▶ _PROBLEM REQUIREMENTS_:
Your answer must be an exact copy of the lines from the one containing "Text: ભારાપરા" through the last line of the records below, with no pictures; please include nothing else.
+++
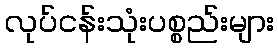
လုပ်ငန်းသုံးပစ္စည်းများ
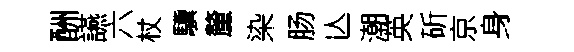
酬讌六杖驥釐染肠亾潮英斫京身
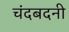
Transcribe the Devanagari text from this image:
चंदबदनी
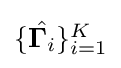
{\textstyle \{{\hat {\mathbf {\Gamma } _{i}}}\}_{i=1}^{K}}
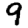
Digit: 9
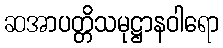
ဆအာပတ္တိသမုဋ္ဌာနဝါရော
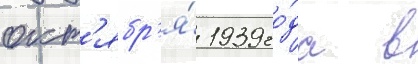
окт'ябр'я́ 1939 го́да в
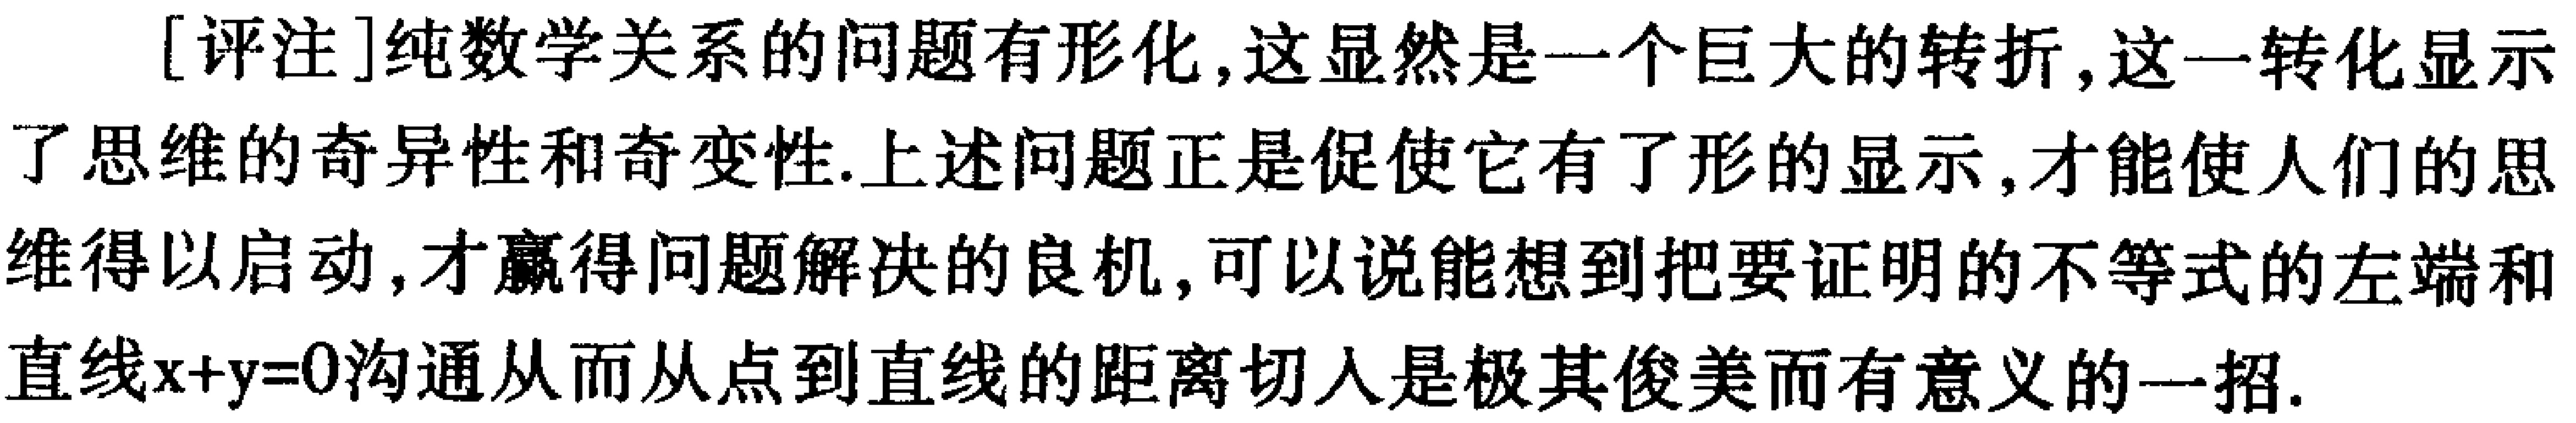
[评注]纯数学关系的问题有形化,这显然是一个巨大的转折,这一转化显示了思维的奇异性和奇变性.上述问题正是促使它有了形的显示,才能使人们的思维得以启动,才赢得问题解决的良机,可以说能想到把要证明的不等式的左端和直线\(x + y = 0\)沟通从而从点到直线的距离切入是极其俊美而有意义的一招.
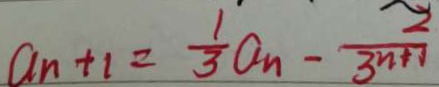
a _ { n + 1 } = \frac { 1 } { 3 } a _ { n } - \frac { 2 } { 3 n + 1 }
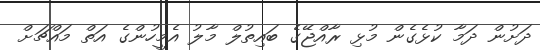
ދަށުން ދަމާ ކުޅެގެން މުޅި ރާއްޖޭގެ ބައިތުލް މާލު އެމީހުންގެ އަތް މައްޗަށް
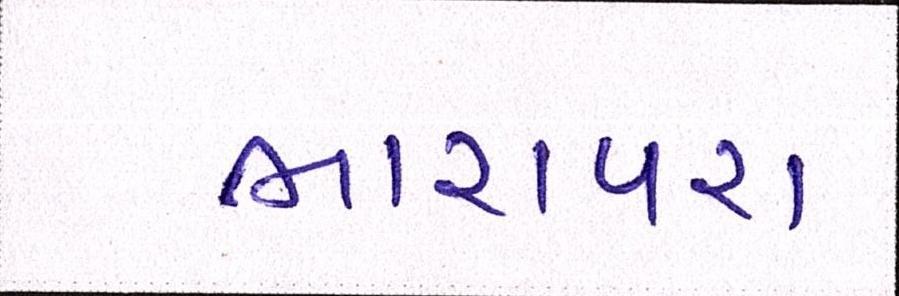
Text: ભારાપરા
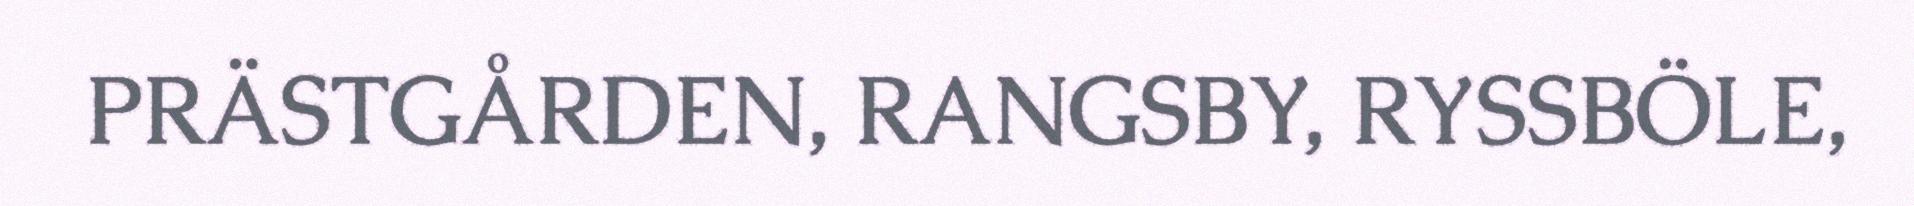
PRÄSTGÅRDEN, RANGSBY, RYSSBÖLE,
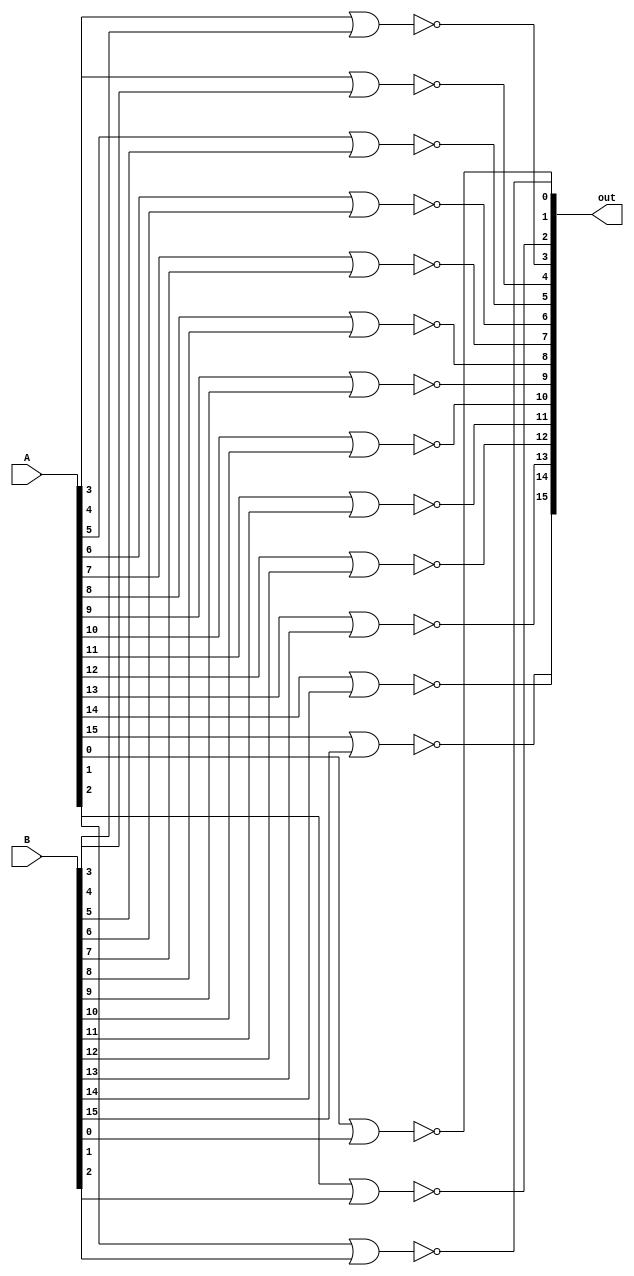
module nor16bit(out, A, B);
	input [15:0] A;
	input [15:0] B;
	output [15:0] out;
	
	// Takes the nor of A and B
	nor nor1(out[0], A[0], B[0]),
		nor2(out[1], A[1], B[1]),
		nor3(out[2], A[2], B[2]),
		nor4(out[3], A[3], B[3]),
		nor5(out[4], A[4], B[4]),
		nor6(out[5], A[5], B[5]),
		nor7(out[6], A[6], B[6]),
		nor8(out[7], A[7], B[7]),
		nor9(out[8], A[8], B[8]),
		nor10(out[9], A[9], B[9]),
		nor11(out[10], A[10], B[10]),
		nor12(out[11], A[11], B[11]),
		nor13(out[12], A[12], B[12]),
		nor14(out[13], A[13], B[13]),
		nor15(out[14], A[14], B[14]),
		nor16(out[15], A[15], B[15]);
endmodule
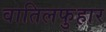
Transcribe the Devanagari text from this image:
वातिलफुहार
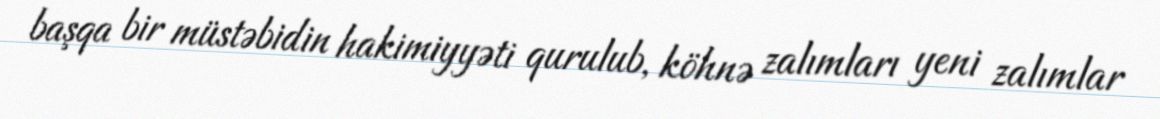
başqa bir müstəbidin hakimiyyəti qurulub, köhnə zalımları yeni zalımlar
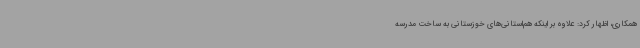
همکاری، اظهار کرد: علاوه بر اینکه هم‌استانی‌های خوزستانی به ساخت مدرسه
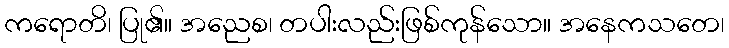
ကရောတိ၊ ပြု၏။ အညေစ၊ တပါးလည်းဖြစ်ကုန်သော။ အနေကသတေ၊
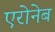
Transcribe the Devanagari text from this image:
एरोनेब
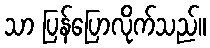
သာ ပြန်ပြောလိုက်သည်။
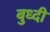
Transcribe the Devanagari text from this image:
बुध्‍दी
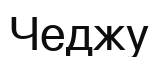
Чеджу
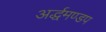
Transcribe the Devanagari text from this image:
अर्द्धमण्डप
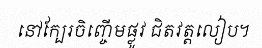
នៅក្បែរចិញ្ចើមផ្លូវ ជិតវត្តលៀប។
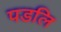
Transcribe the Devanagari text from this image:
पडलि
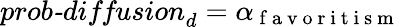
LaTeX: \textit{prob-diffusion}_{d}=\alpha_{\mathrm{~f~a~v~o~r~i~t~i~s~m~}}
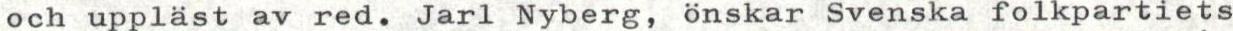
och uppläst av red. Jarl Nyberg, önskar Svenska folkpartiets
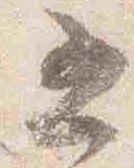
五
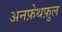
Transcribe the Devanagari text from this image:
अनफ़ेथफ़ुल
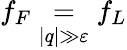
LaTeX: f_{F}\underset{|q|\gg\varepsilon}=f_{L}
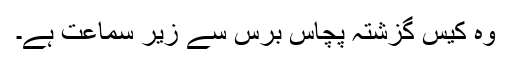
وہ کیس گزشتہ پچاس برس سے زیر سماعت ہے۔
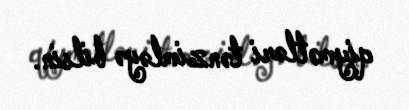
qiymətləri tənzimləyə bilsin.
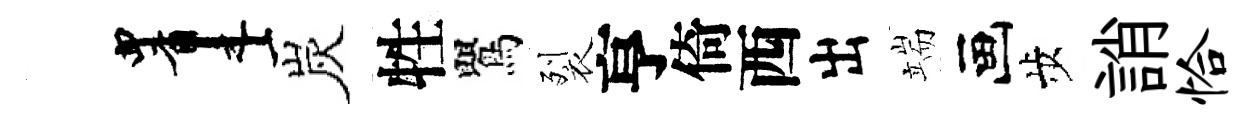
画炭牲鸎裂亨倚西出端画歩誚恰
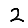
Digit: 2
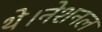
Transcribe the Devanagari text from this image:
थे।नेशनल
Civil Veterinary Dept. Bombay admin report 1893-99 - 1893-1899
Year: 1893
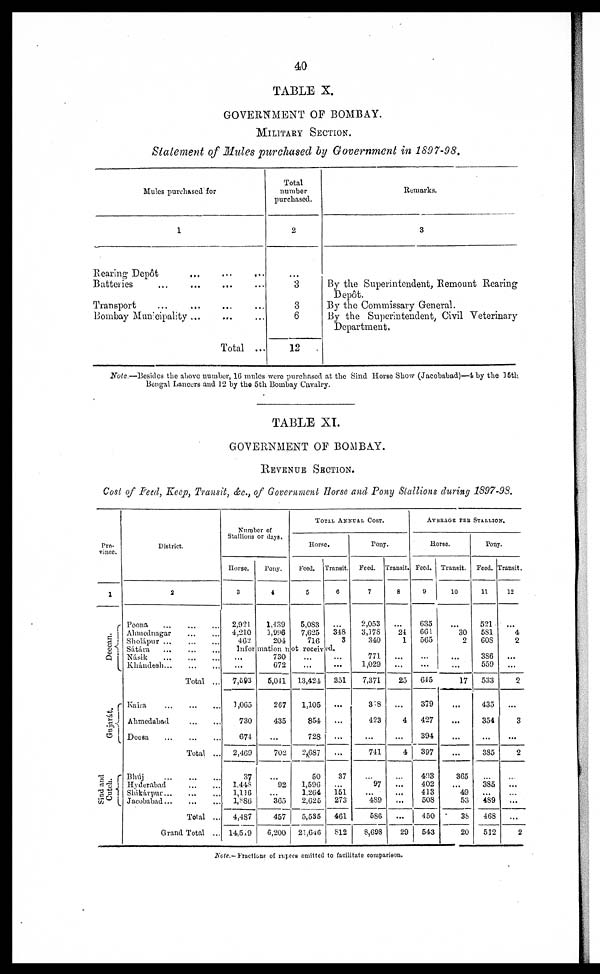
+++
▶ _SOLUTION TO THE EXERCISE_:
Text: ભારાપરા
PRÄSTGÅRDEN, RANGSBY, RYSSBÖLE,
module nor16bit(out, A, B);
	input [15:0] A;
	input [15:0] B;
	output [15:0] out;
	
	// Takes the nor of A and B
	nor nor1(out[0], A[0], B[0]),
		nor2(out[1], A[1], B[1]),
		nor3(out[2], A[2], B[2]),
		nor4(out[3], A[3], B[3]),
		nor5(out[4], A[4], B[4]),
		nor6(out[5], A[5], B[5]),
		nor7(out[6], A[6], B[6]),
		nor8(out[7], A[7], B[7]),
		nor9(out[8], A[8], B[8]),
		nor10(out[9], A[9], B[9]),
		nor11(out[10], A[10], B[10]),
		nor12(out[11], A[11], B[11]),
		nor13(out[12], A[12], B[12]),
		nor14(out[13], A[13], B[13]),
		nor15(out[14], A[14], B[14]),
		nor16(out[15], A[15], B[15]);
endmodule
Transcribe the Devanagari text from this image:
वातिलफुहार
başqa bir müstəbidin hakimiyyəti qurulub, köhnə zalımları yeni zalımlar
همکاری، اظهار کرد: علاوه بر اینکه هم‌استانی‌های خوزستانی به ساخت مدرسه
ကရောတိ၊ ပြု၏။ အညေစ၊ တပါးလည်းဖြစ်ကုန်သော။ အနေကသတေ၊
Transcribe the Devanagari text from this image:
एरोनेब
သာ ပြန်ပြောလိုက်သည်။
Transcribe the Devanagari text from this image:
बुध्‍दी
Чеджу
Transcribe the Devanagari text from this image:
अर्द्धमण्डप
នៅក្បែរចិញ្ចើមផ្លូវ ជិតវត្តលៀប។
Transcribe the Devanagari text from this image:
पडलि
LaTeX: \textit{prob-diffusion}_{d}=\alpha_{\mathrm{~f~a~v~o~r~i~t~i~s~m~}}
och uppläst av red. Jarl Nyberg, önskar Svenska folkpartiets
五
Transcribe the Devanagari text from this image:
अनफ़ेथफ़ुल
LaTeX: f_{F}\underset{|q|\gg\varepsilon}=f_{L}
وہ کیس گزشتہ پچاس برس سے زیر سماعت ہے۔
qiymətləri tənzimləyə bilsin.
画炭牲鸎裂亨倚西出端画歩誚恰
Digit: 2
Transcribe the Devanagari text from this image:
थे।नेशनल
Civil Veterinary Dept. Bombay admin report 1893-99 - 1893-1899
Year: 1893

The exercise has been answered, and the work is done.